## Task directions
Using the entries below, copy exactly each line from the line with "Question: I need" up to and including the line with "Best continuation: Rxd1 Rxd1 Rxd1", with every picture left out.

Start of Provided entries

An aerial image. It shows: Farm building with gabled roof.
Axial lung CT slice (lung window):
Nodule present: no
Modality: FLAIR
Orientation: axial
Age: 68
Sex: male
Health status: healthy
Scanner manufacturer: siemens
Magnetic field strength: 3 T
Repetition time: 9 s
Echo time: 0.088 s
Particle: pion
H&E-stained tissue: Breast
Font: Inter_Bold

End of Provided entries
Start of Provided entries

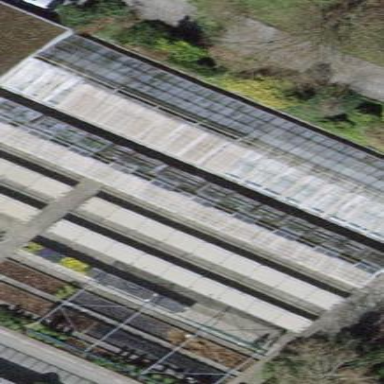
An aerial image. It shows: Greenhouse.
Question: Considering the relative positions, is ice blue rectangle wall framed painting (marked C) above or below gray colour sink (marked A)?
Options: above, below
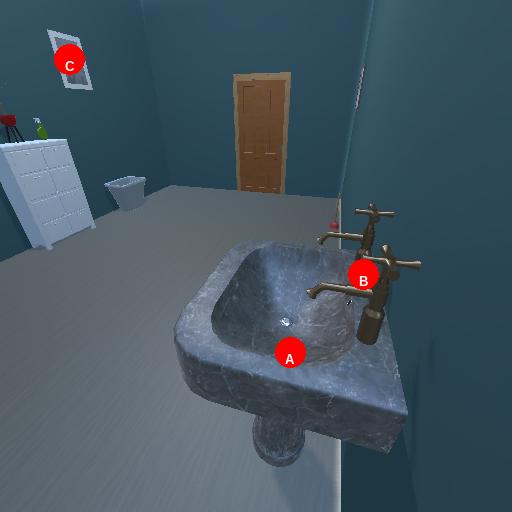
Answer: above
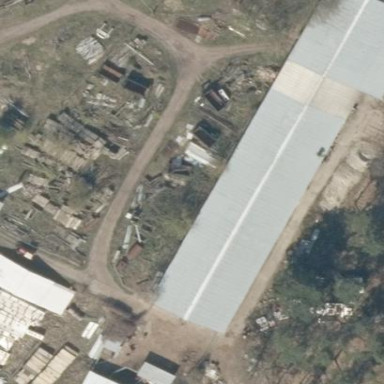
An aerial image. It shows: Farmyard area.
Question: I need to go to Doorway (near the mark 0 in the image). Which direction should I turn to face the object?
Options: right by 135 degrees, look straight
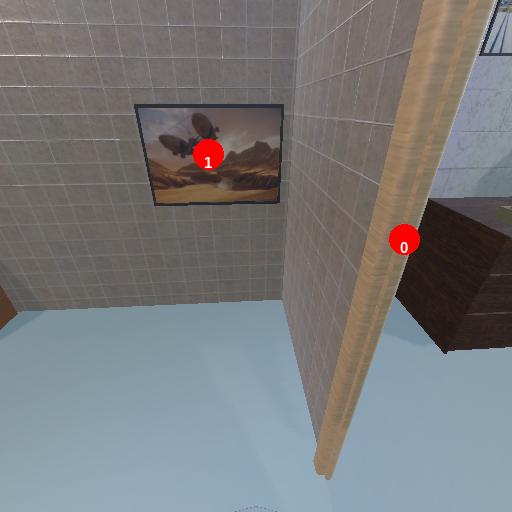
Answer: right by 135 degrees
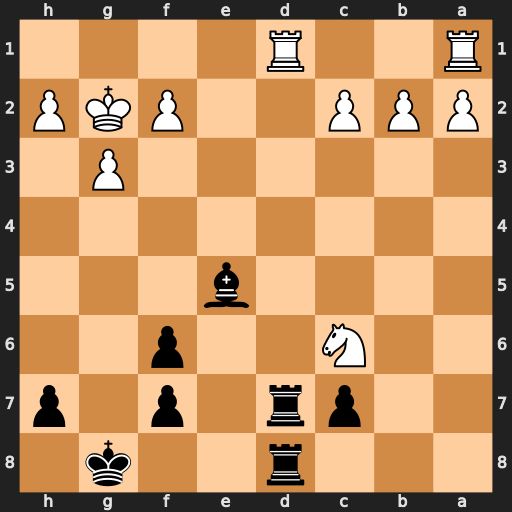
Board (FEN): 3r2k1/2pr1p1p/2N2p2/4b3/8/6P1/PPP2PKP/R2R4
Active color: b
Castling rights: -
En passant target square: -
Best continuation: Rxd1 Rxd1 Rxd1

End of Provided entries
Start of Provided entries

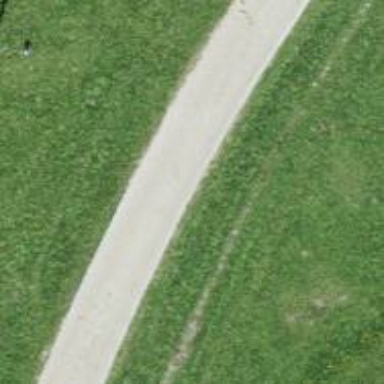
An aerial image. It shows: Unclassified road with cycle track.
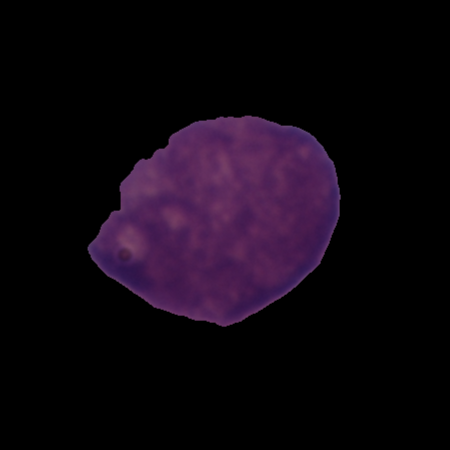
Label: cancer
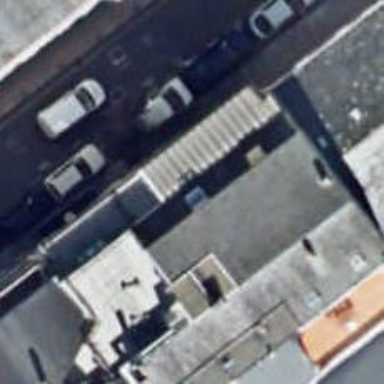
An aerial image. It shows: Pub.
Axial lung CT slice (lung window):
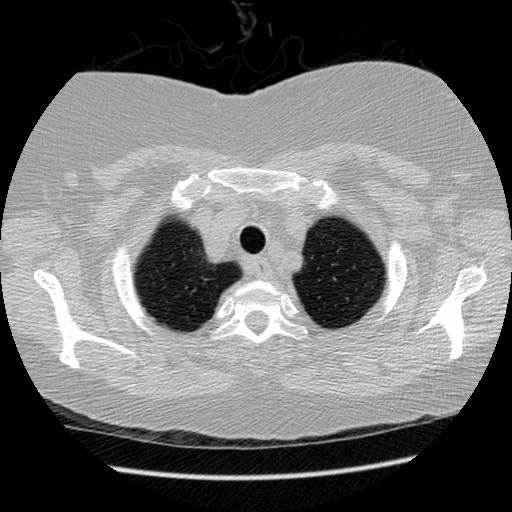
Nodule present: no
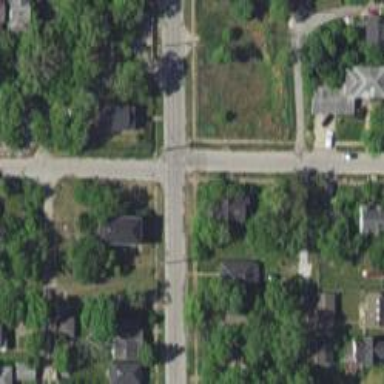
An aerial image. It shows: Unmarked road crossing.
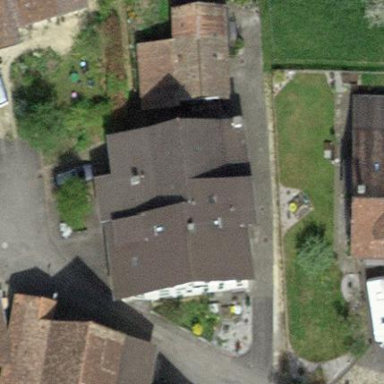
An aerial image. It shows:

End of Provided entries

## Output for this exercise
Question: I need to go to Doorway (near the mark 0 in the image). Which direction should I turn to face the object?
Options: right by 135 degrees, look straight
Answer: right by 135 degrees
Board (FEN): 3r2k1/2pr1p1p/2N2p2/4b3/8/6P1/PPP2PKP/R2R4
Active color: b
Castling rights: -
En passant target square: -
Best continuation: Rxd1 Rxd1 Rxd1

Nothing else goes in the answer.